Task to carry out: Return the data below exactly, minus the pictures.

Input data:

>>

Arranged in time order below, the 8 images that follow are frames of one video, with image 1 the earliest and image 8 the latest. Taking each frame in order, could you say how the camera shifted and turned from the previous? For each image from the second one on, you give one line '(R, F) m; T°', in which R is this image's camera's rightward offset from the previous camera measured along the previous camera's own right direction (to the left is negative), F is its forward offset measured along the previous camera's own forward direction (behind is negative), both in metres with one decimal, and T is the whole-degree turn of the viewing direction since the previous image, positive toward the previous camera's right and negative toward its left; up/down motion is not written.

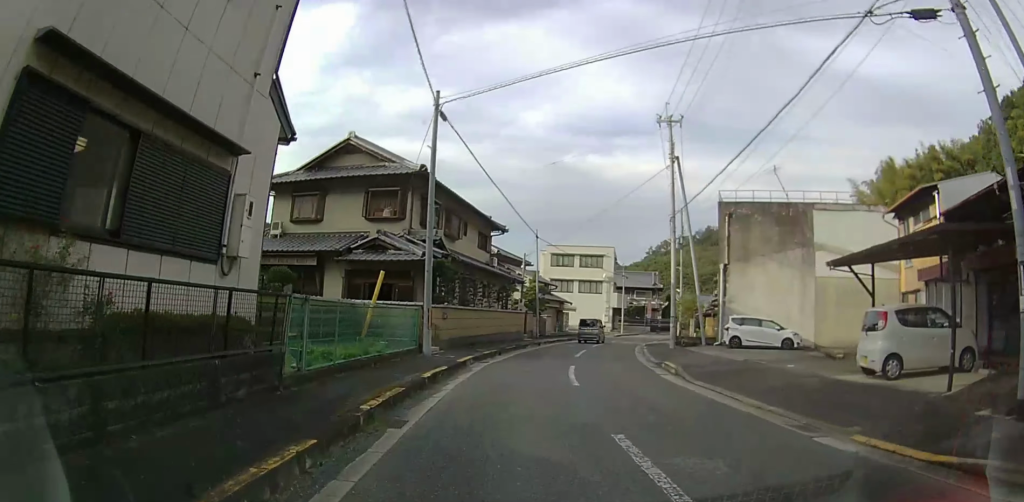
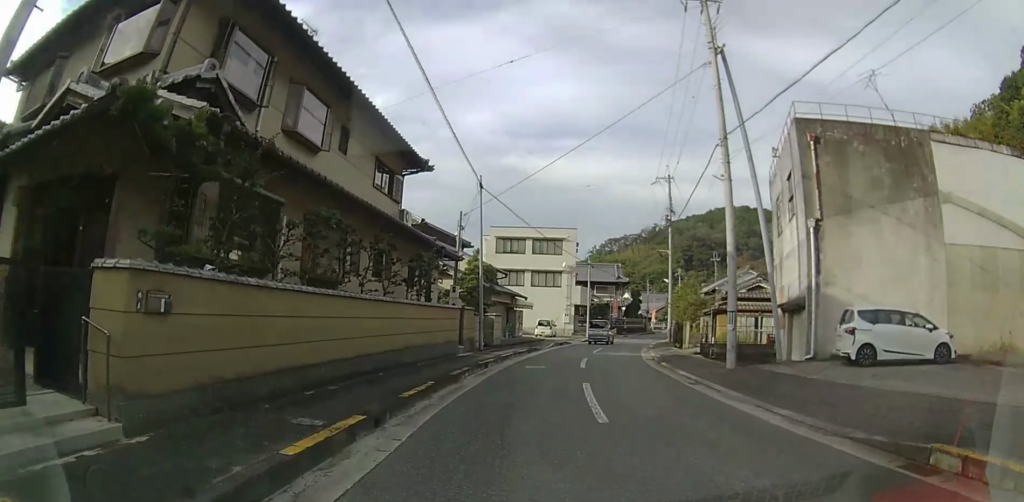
(+0.6, +14.9) m; +9°
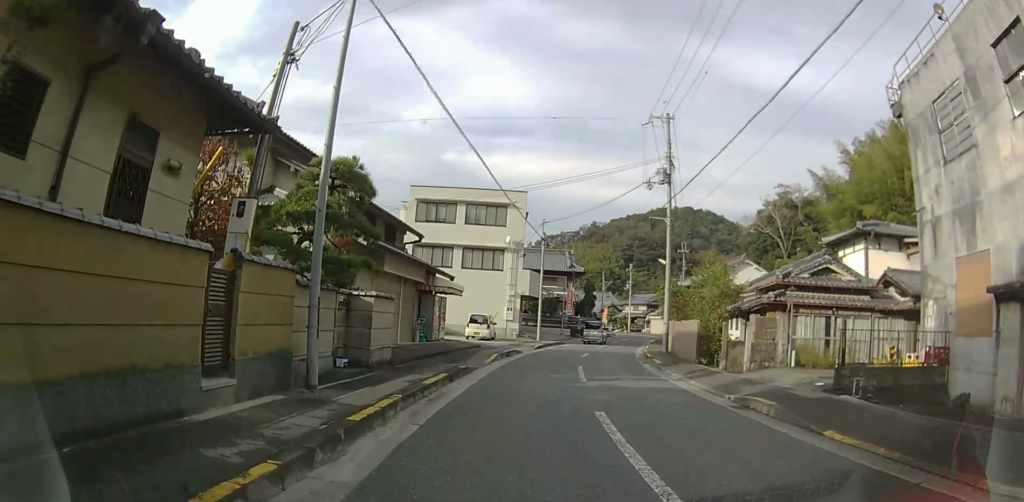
(+1.9, +15.4) m; +10°
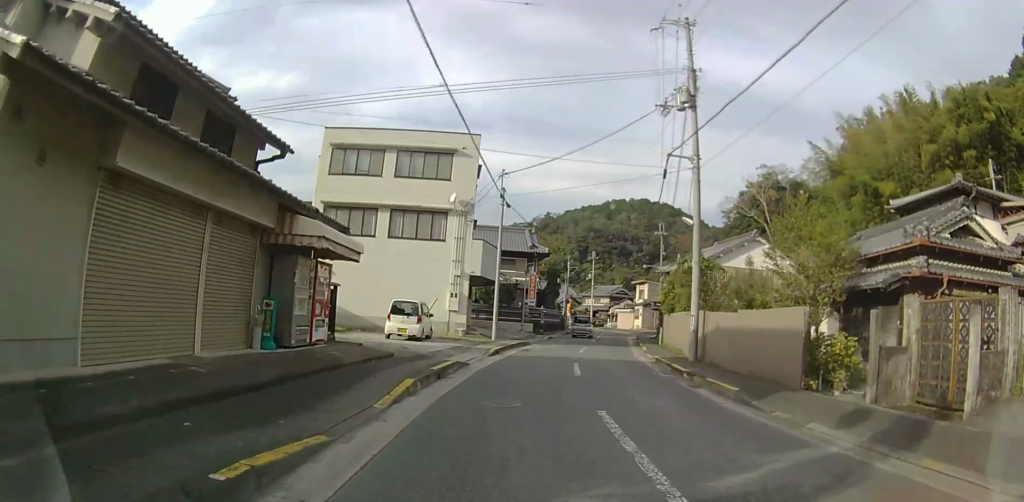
(0.0, +12.9) m; +4°
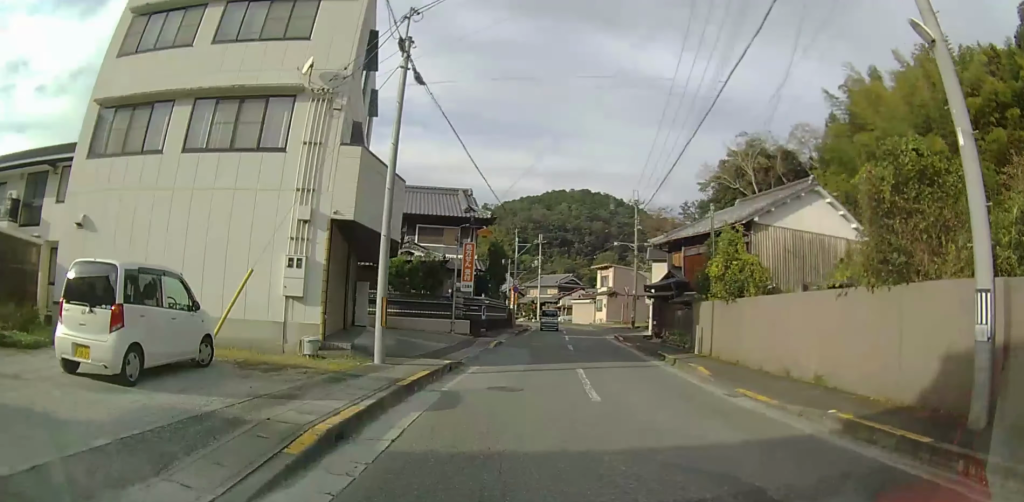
(+1.2, +16.1) m; +5°
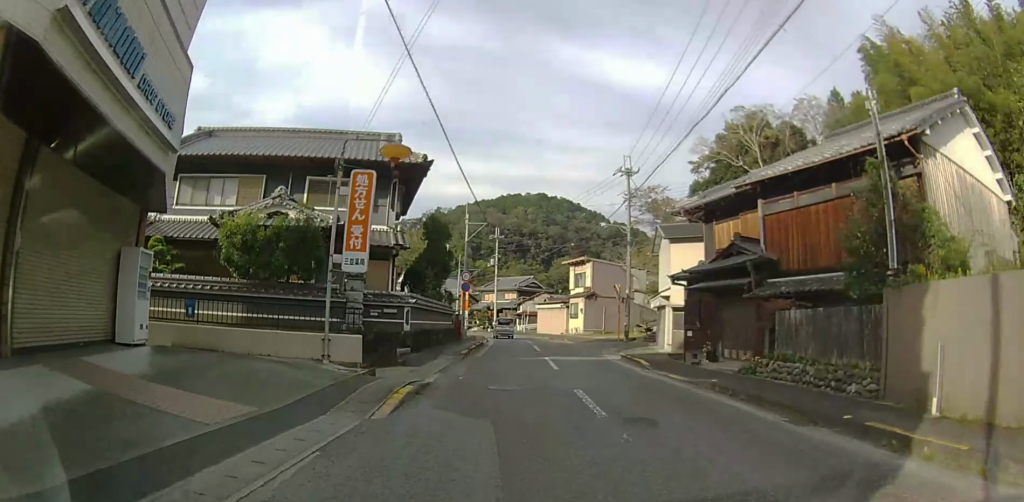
(+0.2, +13.2) m; +1°
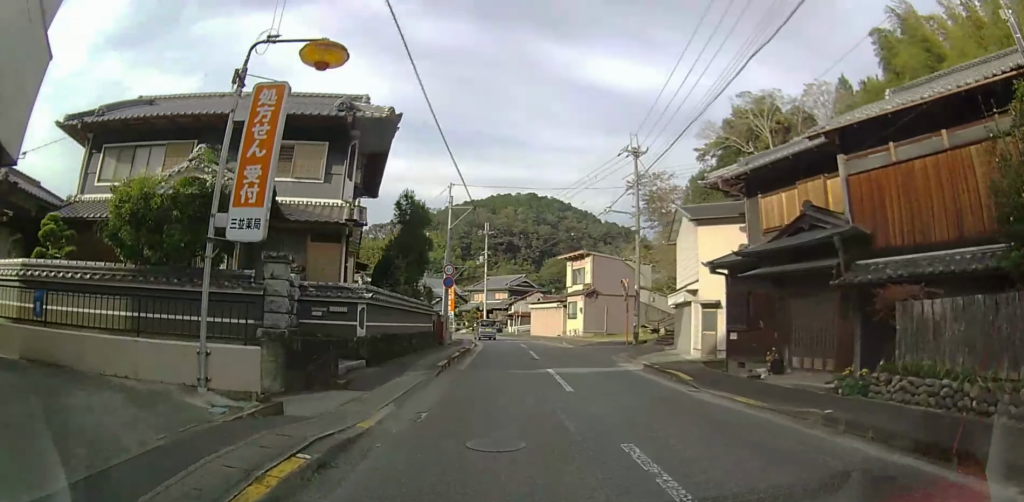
(0.0, +4.8) m; 0°
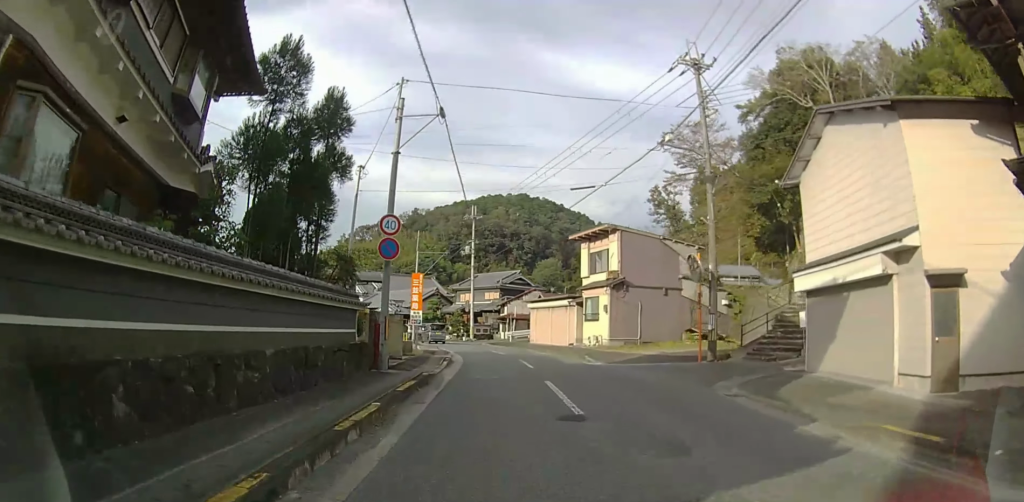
(0.0, +12.7) m; 0°

<<

Solution for this problem:
Arranged in time order below, the 8 images that follow are frames of one video, with image 1 the earliest and image 8 the latest. Taking each frame in order, could you say how the camera shifted and turned from the previous? For each image from the second one on, you give one line '(R, F) m; T°', in which R is this image's camera's rightward offset from the previous camera measured along the previous camera's own right direction (to the left is negative), F is its forward offset measured along the previous camera's own forward direction (behind is negative), both in metres with one decimal, and T is the whole-degree turn of the viewing direction since the previous image, positive toward the previous camera's right and negative toward its left; up/down motion is not written.

(+0.6, +14.9) m; +9°
(+1.9, +15.4) m; +10°
(0.0, +12.9) m; +4°
(+1.2, +16.1) m; +5°
(+0.2, +13.2) m; +1°
(0.0, +4.8) m; 0°
(0.0, +12.7) m; 0°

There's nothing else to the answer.